I quote here a sketch of Reeves from Mr. C. J. Wray's preface to the third edition of this work. It is by Sir Anton Bertram who was in New Zealand in 1894–5, and was an interested observer of the politics of those eventful years. The quartette referred to comprised Seddon, McKenzie, Ward, and Reeves.

“The most interesting member of this interesting quartette is, however, Mr. W. P. Reeves, the present Agent-General and late Minister of Education and Labour. He is a member of the class which, despite the democratic tendencies of Colonial life, claims for itself with a certain peculiar self-consciousness the exclusive right to the name of ‘gentleman.’ He commenced his career as a barrister and continued it as a journalist. He was always a close student of economics, with a bias towards Socialism, and a volume of verse published in his early days is still widely read in the Colony. By nature a Radical, and a hater of all political, social and economic privilege, he never conciliated the sympathies nor acquired the prejudices of his class.
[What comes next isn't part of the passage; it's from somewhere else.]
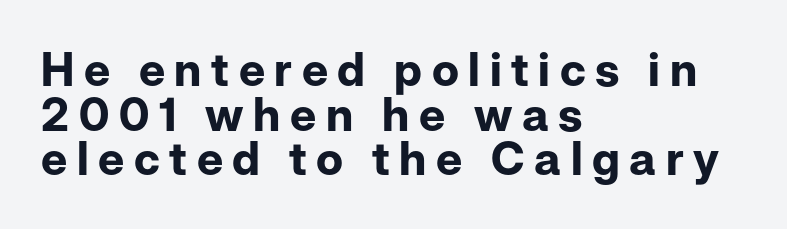
The image shows 46 px bold sans-serif type, upright; set left-aligned, tight line spacing (0.97x), unusually wide letter spacing (+0.21 em), not underlined; low stroke contrast and a medium x-height.

Unlike most of his critics, he has a clean grasp both of the general principles of his subject and the practical limits of their application, and has the rare combination of intellect page 8 without indifference, enthusiasm without extravagance, and sympathy without sentimentality. His intellectual ability and the integrity of his character were freely recognized even by his opponents, who frequently paid him compliments which, as he once said, he would have valued more highly if they had not been at the expense of his colleagues. He is an excellent platform speaker, and was by far the most effective debater in the House of Representatives, where his speeches had a conciseness and literary finish which is there far from conspicuous, more especially on his own side of the House. He may be described as the real brain of the Ministry, and probably understood better than any of his colleagues the real tendencies of their policy. His great work is to have kept the Progressive Party united at a time where everywhere else in the Colonies it was broken up by the sudden incoherent upheaval of the Labour movement, and to have carried through, largely by his own resolute determination, a peculiarly compact and advanced code of Labour legislation.”

Having decided to include the period subsequent to that originally covered by Reeves, as was done in the third edition of the book, the publishers secured the services of Dr. A. J. Harrop to write the concluding chapters. Dr. Harrop, like Pember Reeves, is a distinguished journalist who has practised his profession in both New Zealand and England. After a distinguished career at Canterbury University College, Christ-church, New Zealand, he entered Caius College, Cambridge, and there continued the researches he had begun in New Zealand. Since his arrival in England he has published several books in which he has made valuable contributions to the history of the Dominion. He has revisited the Dominion at times within this period in order to supplement his researches into records in England by reference to the Dominion archives as well as to extend his personal knowledge of the New Zealand political and social scene.